■ **ACTIVITY**: Your task is to write out all of the records once more, exactly.

Extracted data entries:
════════════════════

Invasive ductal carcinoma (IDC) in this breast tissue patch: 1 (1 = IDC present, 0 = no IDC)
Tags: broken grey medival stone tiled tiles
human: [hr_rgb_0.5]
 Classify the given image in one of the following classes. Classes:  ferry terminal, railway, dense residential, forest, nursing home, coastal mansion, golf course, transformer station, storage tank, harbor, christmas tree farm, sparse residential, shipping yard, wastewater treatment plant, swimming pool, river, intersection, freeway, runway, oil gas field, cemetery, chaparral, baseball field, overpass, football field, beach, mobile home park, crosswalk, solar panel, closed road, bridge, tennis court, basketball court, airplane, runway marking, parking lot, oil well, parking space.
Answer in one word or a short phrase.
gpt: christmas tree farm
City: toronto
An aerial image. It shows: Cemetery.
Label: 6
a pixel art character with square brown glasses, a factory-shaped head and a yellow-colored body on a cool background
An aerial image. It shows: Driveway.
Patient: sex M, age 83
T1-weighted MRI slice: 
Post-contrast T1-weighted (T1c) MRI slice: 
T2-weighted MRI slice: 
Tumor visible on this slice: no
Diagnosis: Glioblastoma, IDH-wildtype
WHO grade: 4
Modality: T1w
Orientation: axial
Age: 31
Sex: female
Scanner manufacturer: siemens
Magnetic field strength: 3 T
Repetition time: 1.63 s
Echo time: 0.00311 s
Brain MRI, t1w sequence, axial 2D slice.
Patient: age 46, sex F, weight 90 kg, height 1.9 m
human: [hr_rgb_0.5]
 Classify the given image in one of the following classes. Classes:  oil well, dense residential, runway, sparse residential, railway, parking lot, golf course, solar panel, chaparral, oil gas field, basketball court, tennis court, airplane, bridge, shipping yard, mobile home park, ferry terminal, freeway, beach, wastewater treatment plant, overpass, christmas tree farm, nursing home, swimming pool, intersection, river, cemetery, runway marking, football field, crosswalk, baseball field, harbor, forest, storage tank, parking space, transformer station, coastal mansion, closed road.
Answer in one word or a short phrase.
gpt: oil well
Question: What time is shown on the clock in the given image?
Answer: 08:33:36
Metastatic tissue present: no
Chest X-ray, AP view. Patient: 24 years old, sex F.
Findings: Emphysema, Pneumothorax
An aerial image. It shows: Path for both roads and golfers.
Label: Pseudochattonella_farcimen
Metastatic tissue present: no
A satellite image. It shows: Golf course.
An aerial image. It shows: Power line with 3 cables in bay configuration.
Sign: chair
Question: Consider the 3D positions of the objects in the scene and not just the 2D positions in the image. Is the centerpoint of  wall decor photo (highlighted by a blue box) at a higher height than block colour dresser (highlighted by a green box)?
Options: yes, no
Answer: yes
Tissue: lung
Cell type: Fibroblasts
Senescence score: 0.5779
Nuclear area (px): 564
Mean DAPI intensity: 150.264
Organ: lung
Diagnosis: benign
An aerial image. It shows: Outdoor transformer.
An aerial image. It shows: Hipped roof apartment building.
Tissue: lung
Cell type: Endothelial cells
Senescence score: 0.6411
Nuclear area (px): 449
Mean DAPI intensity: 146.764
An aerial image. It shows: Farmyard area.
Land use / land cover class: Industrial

════════════════════

■ **ANSWER**:
Invasive ductal carcinoma (IDC) in this breast tissue patch: 1 (1 = IDC present, 0 = no IDC)
Tags: broken grey medival stone tiled tiles
human: [hr_rgb_0.5]
 Classify the given image in one of the following classes. Classes:  ferry terminal, railway, dense residential, forest, nursing home, coastal mansion, golf course, transformer station, storage tank, harbor, christmas tree farm, sparse residential, shipping yard, wastewater treatment plant, swimming pool, river, intersection, freeway, runway, oil gas field, cemetery, chaparral, baseball field, overpass, football field, beach, mobile home park, crosswalk, solar panel, closed road, bridge, tennis court, basketball court, airplane, runway marking, parking lot, oil well, parking space.
Answer in one word or a short phrase.
gpt: christmas tree farm
City: toronto
An aerial image. It shows: Cemetery.
Label: 6
a pixel art character with square brown glasses, a factory-shaped head and a yellow-colored body on a cool background
An aerial image. It shows: Driveway.
Patient: sex M, age 83
T1-weighted MRI slice: 
Post-contrast T1-weighted (T1c) MRI slice: 
T2-weighted MRI slice: 
Tumor visible on this slice: no
Diagnosis: Glioblastoma, IDH-wildtype
WHO grade: 4
Modality: T1w
Orientation: axial
Age: 31
Sex: female
Scanner manufacturer: siemens
Magnetic field strength: 3 T
Repetition time: 1.63 s
Echo time: 0.00311 s
Brain MRI, t1w sequence, axial 2D slice.
Patient: age 46, sex F, weight 90 kg, height 1.9 m
human: [hr_rgb_0.5]
 Classify the given image in one of the following classes. Classes:  oil well, dense residential, runway, sparse residential, railway, parking lot, golf course, solar panel, chaparral, oil gas field, basketball court, tennis court, airplane, bridge, shipping yard, mobile home park, ferry terminal, freeway, beach, wastewater treatment plant, overpass, christmas tree farm, nursing home, swimming pool, intersection, river, cemetery, runway marking, football field, crosswalk, baseball field, harbor, forest, storage tank, parking space, transformer station, coastal mansion, closed road.
Answer in one word or a short phrase.
gpt: oil well
Question: What time is shown on the clock in the given image?
Answer: 08:33:36
Metastatic tissue present: no
Chest X-ray, AP view. Patient: 24 years old, sex F.
Findings: Emphysema, Pneumothorax
An aerial image. It shows: Path for both roads and golfers.
Label: Pseudochattonella_farcimen
Metastatic tissue present: no
A satellite image. It shows: Golf course.
An aerial image. It shows: Power line with 3 cables in bay configuration.
Sign: chair
Question: Consider the 3D positions of the objects in the scene and not just the 2D positions in the image. Is the centerpoint of  wall decor photo (highlighted by a blue box) at a higher height than block colour dresser (highlighted by a green box)?
Options: yes, no
Answer: yes
Tissue: lung
Cell type: Fibroblasts
Senescence score: 0.5779
Nuclear area (px): 564
Mean DAPI intensity: 150.264
Organ: lung
Diagnosis: benign
An aerial image. It shows: Outdoor transformer.
An aerial image. It shows: Hipped roof apartment building.
Tissue: lung
Cell type: Endothelial cells
Senescence score: 0.6411
Nuclear area (px): 449
Mean DAPI intensity: 146.764
An aerial image. It shows: Farmyard area.
Land use / land cover class: Industrial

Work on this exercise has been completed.